I surely hope so  Can't wait for the fries!


----------



## LouIE82

REALLY digging your set up, the water and pictures are so clear! Awesome tank.


----------



## Floridagirl

Great looking tank!!


----------



## Als49

Thanks Louie & FloridaGirl


----------



## Als49

I finally located petricola and added 5 of them to the tank. They mostly hide behind the rocks and inside the caves.

Came out a few seconds from the caves, then hiding again. It's cute when they peeked out from the caves and retreated back!


----------



## Razzo

Very nice!


----------



## anthraxx4200

i imagine the petricola's eatting any babies you may get from the multies. they are very active at night and just wanted to give you the heads up. love the setup but id just leave it alone w/ julies and multies.


----------



## rennsport2011

Great looking tank, congrats.


----------



## Als49

Yes, many people say petricola is a great population controller.
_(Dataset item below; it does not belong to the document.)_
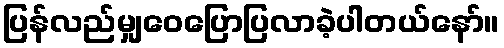
ပြန်လည်မျှဝေပြောပြလာခဲ့ပါတယ်နော်။

That way the Multis will multiply, but not exponentially 

Problem with many of my tanks, always want to rearrange them... add more woods, rocks, plants, etc.


----------



## Als49

I added some bucephalandra between groups of shells to break line of sights. The Multies already created some slopes though.

Hopefully spawning and fry come soon!


----------



## Als49

Julidochromis marlieri OR transcriptus?









The shell beds...









Let's count, how many shells are there?


















And here's the witty one!


----------



## upestfor

Really nice and good maintainence .we have to perform this in the tank means really it will give a good and beautiful view like a lake.


----------



## Als49

Thank you.

Actually I just rescaped this tank this morning. It has a new layout now


----------



## upestfor

Good Job..well done...


----------



## Als49

Thank you.

Unloaded everything and left a bit of sands.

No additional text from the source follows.